Records excerpted from a collection:
_____
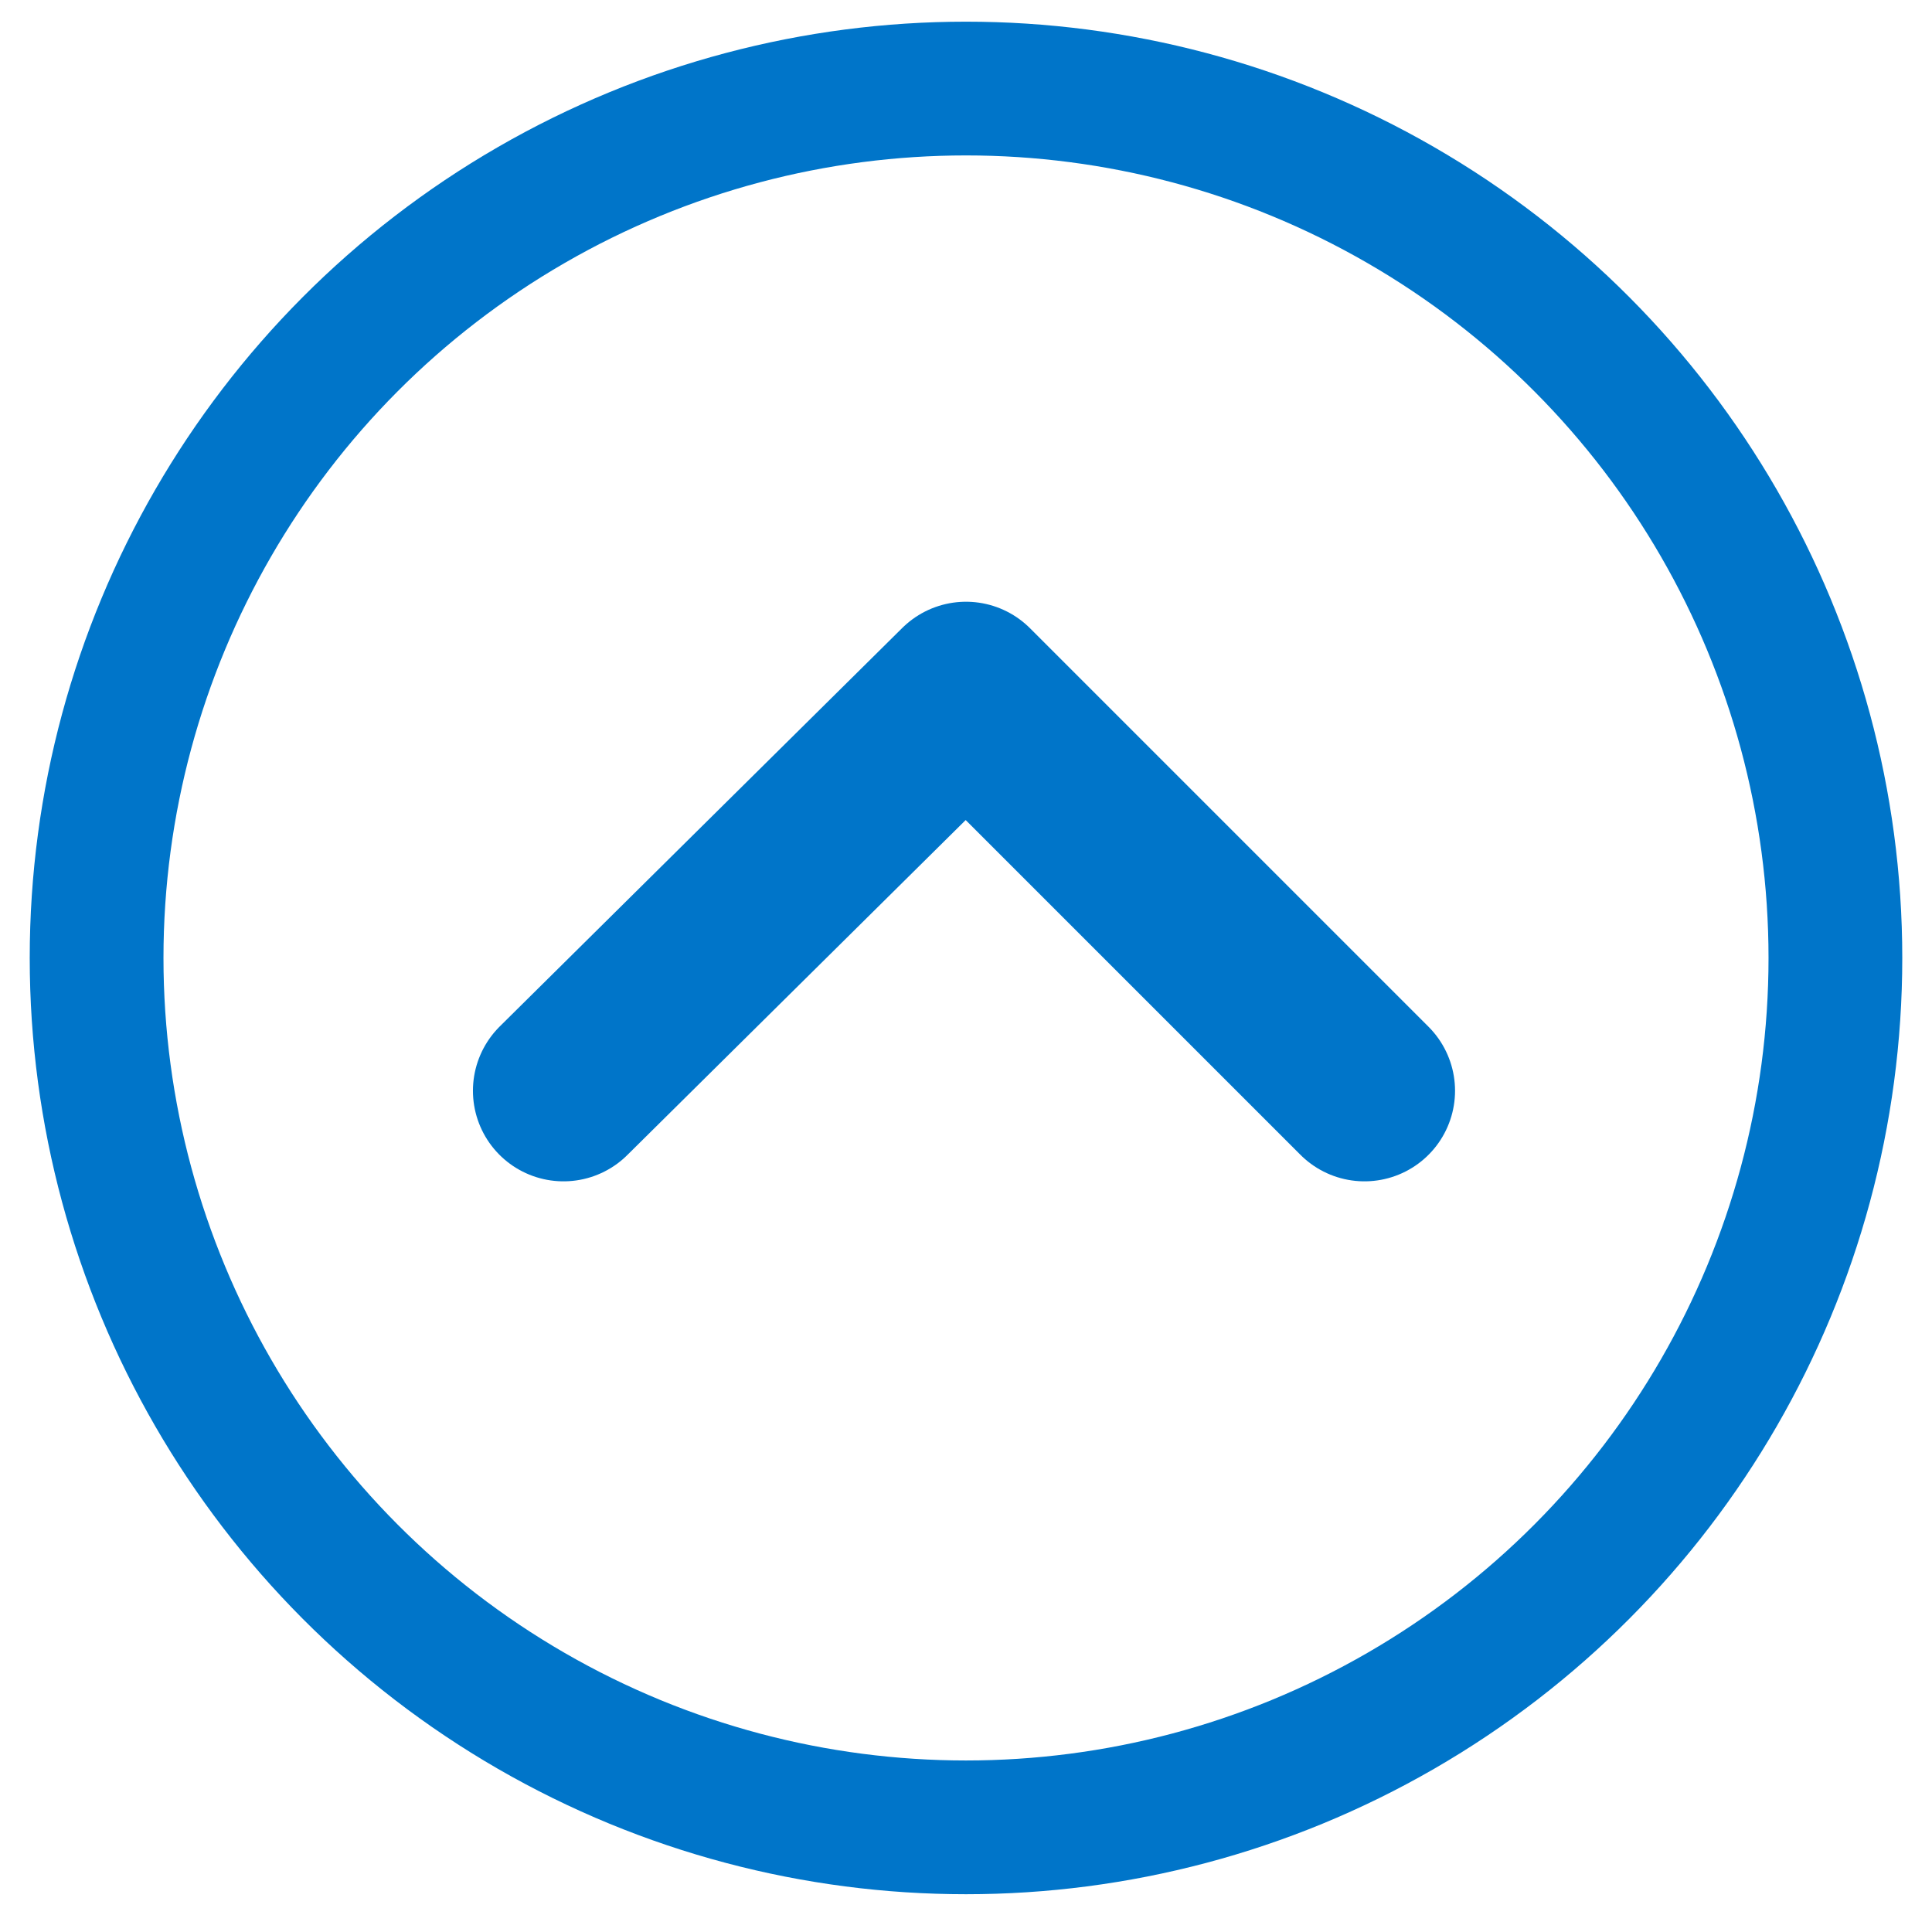 <?xml version="1.0" encoding="utf-8"?>
<!-- Generator: Adobe Illustrator 26.3.1, SVG Export Plug-In . SVG Version: 6.00 Build 0)  -->
<svg version="1.1" id="Layer_1" xmlns="http://www.w3.org/2000/svg" xmlns:xlink="http://www.w3.org/1999/xlink" x="0px" y="0px"
	 viewBox="0 0 48 48" style="enable-background:new 0 0 48 48;" xml:space="preserve">
<style type="text/css">
	.st0{fill:none;stroke:#0075C9;stroke-width:4.5;stroke-linecap:round;stroke-linejoin:round;}
	.st1{fill:none;stroke:#0075C9;stroke-width:3.323;stroke-linecap:round;stroke-linejoin:round;}
</style>
<polyline class="st0" points="14,27.1 24,17.2 33.9,27.1 "/>
<circle class="st1" cx="24" cy="23.8" r="21.6"/>
</svg>
_____
### Problem to work on
Line count for "class": count the lines in the records above that contain this word, and write only the number.

### Task solution
2